Learning from failed scans
January 20, 2026
Since version 1.0, released last September, FairScan has been updated 11 times with regular improvements. Many of those updates focus on FairScan's core, the automatic processing of captured images, with the goal of producing clean PDFs effortlessly. And yet, the result is not always what you expect. The result is sometimes not as good as what you get from a commercial app, even if it's done in a much more respectful way.
Of course, what those commercial apps produce is the result of years of work. Some of them also store all user scans in the cloud, which gives them access to massive amounts of data they can use to improve their algorithms. FairScan doesn't collect any data from its users, and its detection model is trained on a public dataset.
With the latest release, however, there is now an easy way to share the images that FairScan doesn't handle well. And that can help make FairScan better.
Where the processing can fail
When you tap on the capture button in FairScan (the big round one), you get a preview of the scanned page after a fraction of a second. It's not the photo you just captured, but the result of the automatic image processing pipeline that the app runs behind the scenes. As the app is still far from perfect, each step of that pipeline can produce suboptimal results.

Here are some typical examples:
- Document detection is the most critical step. It may fail to detect edges accurately, especially in difficult conditions, for example when multiple documents appear in the frame.
- Color detection tries to determine automatically whether a document should be processed as grayscale or as color, but this is not always as straightforward as it sounds, particularly with low-saturation colors or under dim lighting.
- Brightness and contrast are adjusted automatically, which can sometimes result in documents that are too bright or too dark.
When the app produces a good-looking document (which is hopefully most of the time), that's great for users. But those cases don't help improve FairScan. The real learning comes from the situations where the result is disappointing. Those "bad" cases highlight what needs to be improved and help guide future work.
How you can help
When a page is processed badly, you can now report it easily:
- Open the menu at the top right and go to the About screen
- Tap on Report a problem with last captured image

Your system will then let you choose which app to use to send the image. The email address is prefilled with contact@fairscan.org. Nothing is sent directly by FairScan: the app only prepares the data and hands it over to the app you choose to actually send it. Your email app should let you see the image before sending it, and you can add a short description of the issue you noticed.
Please note that the image that is sent is not the result of FairScan's processing. It is the raw image captured by your device, which serves as the input of the processing pipeline. Also note that tapping End scan on the export screen deletes all temporary images, including the last captured one.
What I will do with what you send (and what I won't do)
I will not share or publish your images. This is probably what you would expect from an app that aims to be respectful, but it's worth stating explicitly. Please avoid sending sensitive documents, though: I would not feel comfortable receiving them. Also keep in mind that email is not encrypted.
When you send an image, I reproduce locally the processing that happened on your device. That's why the FairScan version you used is automatically included in the email subject. It allows me to observe the issue myself and investigate it properly.
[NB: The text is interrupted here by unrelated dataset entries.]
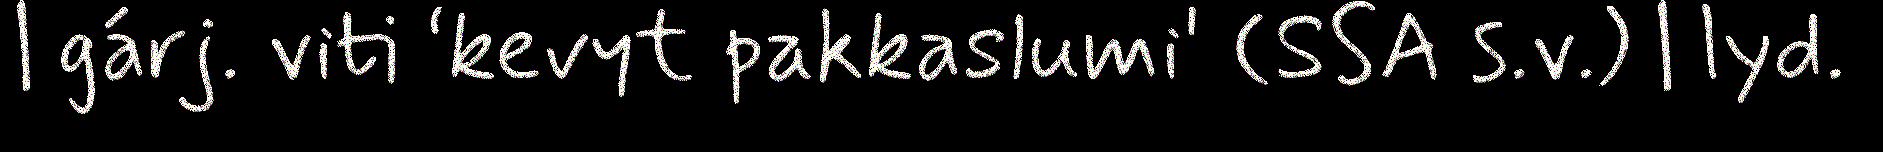
| gárj. viti ‘kevyt pakkaslumi' (SSA s.v.) | lyd.
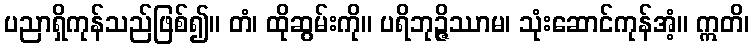
ပညာရှိကုန်သည်ဖြစ်၍။ တံ၊ ထိုဆွမ်းကို။ ပရိဘုဉ္ဇိဿာမ၊ သုံးဆောင်ကုန်အံ့။ ဣတိ၊
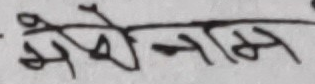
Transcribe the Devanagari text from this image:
मेरो नाम
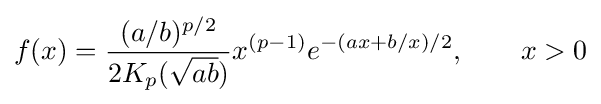
f(x)={\frac {(a/b)^{p/2}}{2K_{p}({\sqrt {ab}})}}x^{(p-1)}e^{-(ax+b/x)/2},\qquad x>0
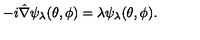
- i \hat { \nabla } \psi _ { \lambda } ( \theta , \phi ) = \lambda \psi _ { \lambda } ( \theta , \phi ) .
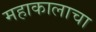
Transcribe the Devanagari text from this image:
महाकालाचा
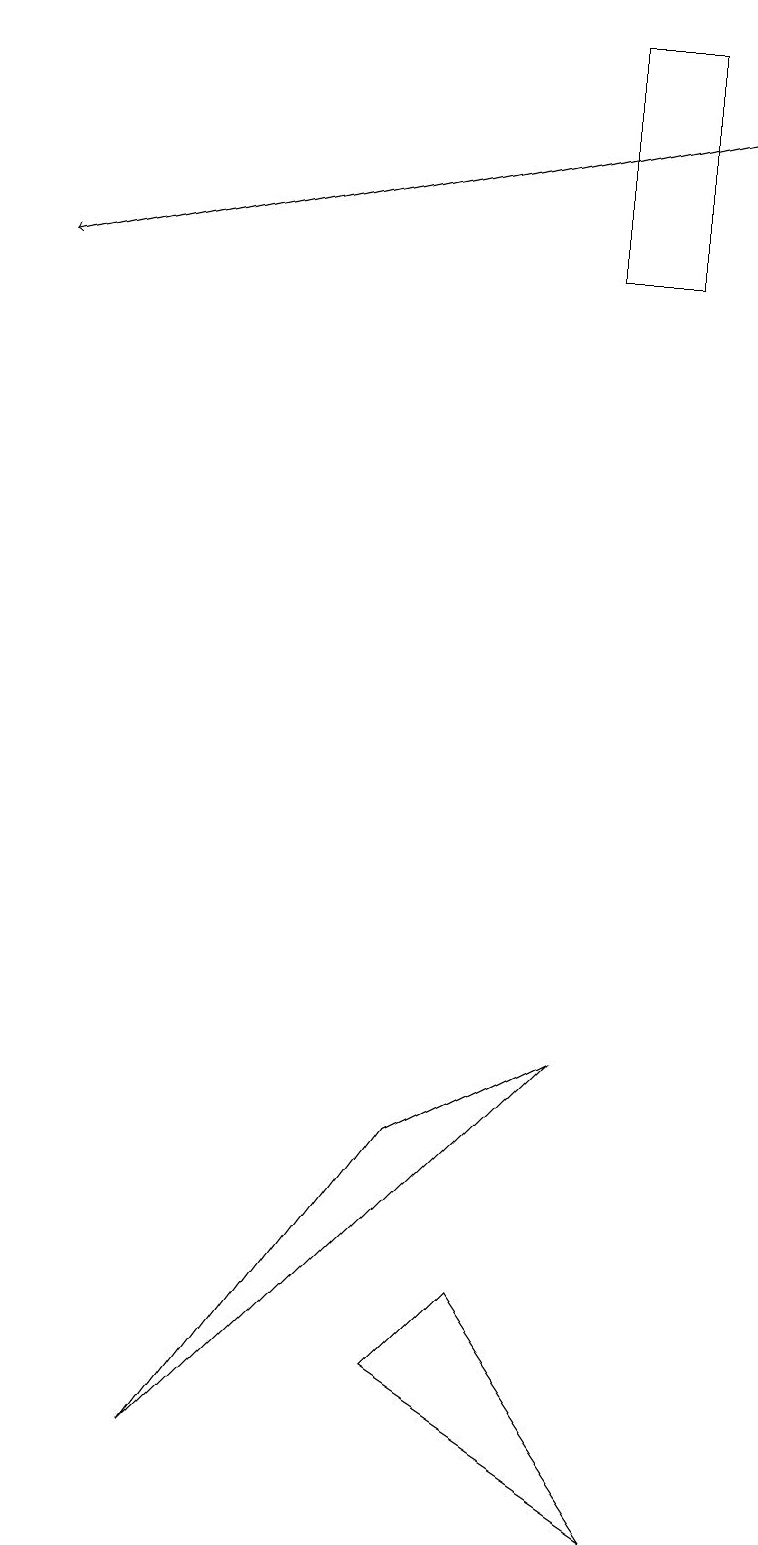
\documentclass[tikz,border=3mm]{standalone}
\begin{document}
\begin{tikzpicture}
\draw (5,2) -- (6,3) -- (8,0) -- cycle;
\draw[->] (9,18) -- (0,16);
\draw (8,19) rectangle (7,16);
\draw (2,1) -- (7,6) -- (5,5) -- cycle;
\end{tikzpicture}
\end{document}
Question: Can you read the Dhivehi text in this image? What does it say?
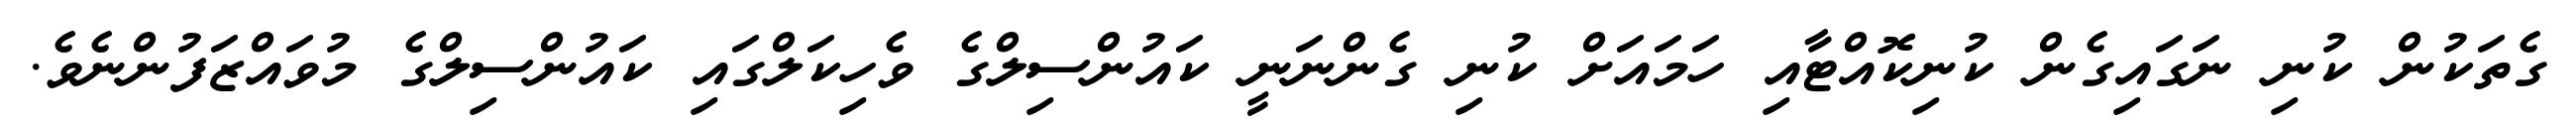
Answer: ގެތަކުން ކުނި ނަގައިގެން ކުނިކޮއްޓާއި ހަމައަށް ކުނި ގެންނަނީ ކައުންސިލްގެ ވެހިކަލްގައި ކައުންސިލްގެ މުވައްޒަފުންނެވެ.
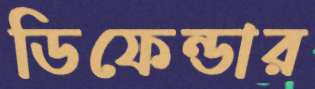
ডিফেন্ডার
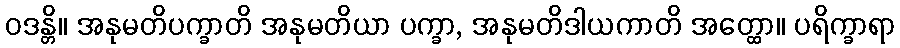
ဝဒန္တိ။ အနုမတိပက္ခာတိ အနုမတိယာ ပက္ခာ, အနုမတိဒါယကာတိ အတ္ထော။ ပရိက္ခာရာ
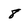
Character: 8
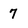
Character: 7
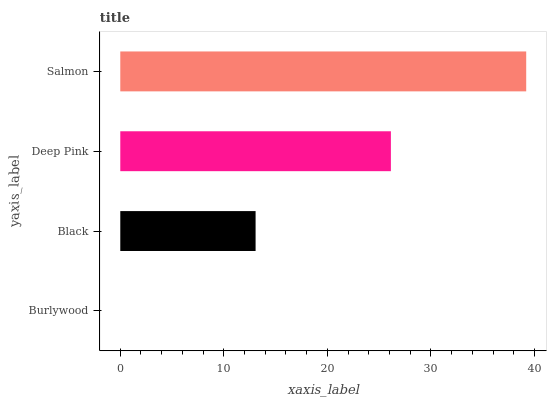
| yaxis_label | bars |
 | --- | --- |
 | Burlywood | 0 |
 | Black | 13.1 |
 | Deep Pink | 26.1 |
 | Salmon | 39.2 |
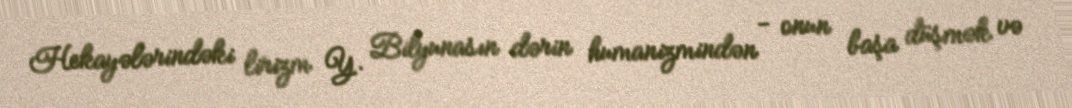
Hekayələrindəki lirizm Y. Bilyunasın dərin humanizmindən - onun başa düşmək və
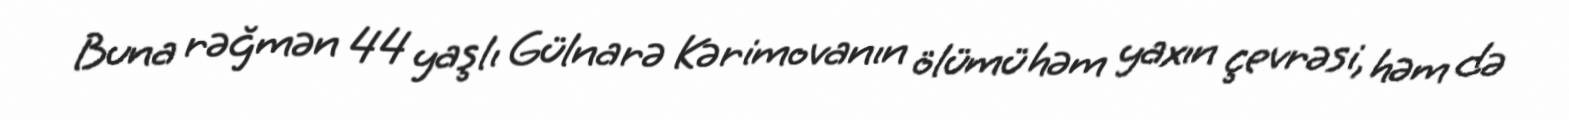
Buna rəğmən 44 yaşlı Gülnarə Kərimovanın ölümü həm yaxın çevrəsi, həm də
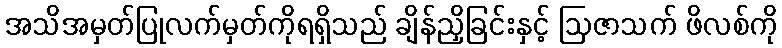
အသိအမှတ်ပြုလက်မှတ်ကိုရရှိသည် ချိန်ညှိခြင်းနှင့် ဩဇာသက် ဖိလစ်ကို
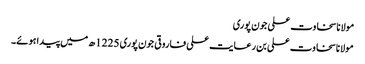
مولانا سخاوت علی جون پوری
مولانا سخاوت علی بن رعایت علی فاروقی جون پوری 1225ھ میں پیدا ہوئے۔
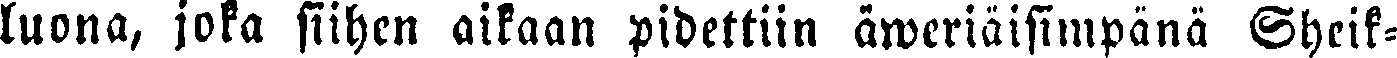
luona, joka siihen aikaan pidettiin äweriäisimpänä Sheik-

Over time, these reports help reveal patterns: situations or document types that are not well represented in the dataset I built to train the document detection model. When that happens, I do not add the received images to the dataset. Instead, I create similar images myself. This is because copyright may apply both to the photo itself and to the documents that appear in the image.
The dataset currently contains over 600 images. That's already useful, but it's still a very small sample compared to the variety of documents and real-world conditions in which FairScan is used every day. Inevitably, it has biases that need to be identified and addressed. This is especially important since the same dataset is used not only for document detection, but also to evaluate other heuristics in the processing pipeline, such as color detection (see this blog post).
With FairScan, you own your data. Your scans are not automatically uploaded to a cloud to be analyzed or reused by large companies.
If you're willing to help improve FairScan, you can now easily share an image that the app didn't process correctly. This directly helps improve the automatic processing pipeline and make its results more reliable over time.
Every report contributes to better scans, for everyone.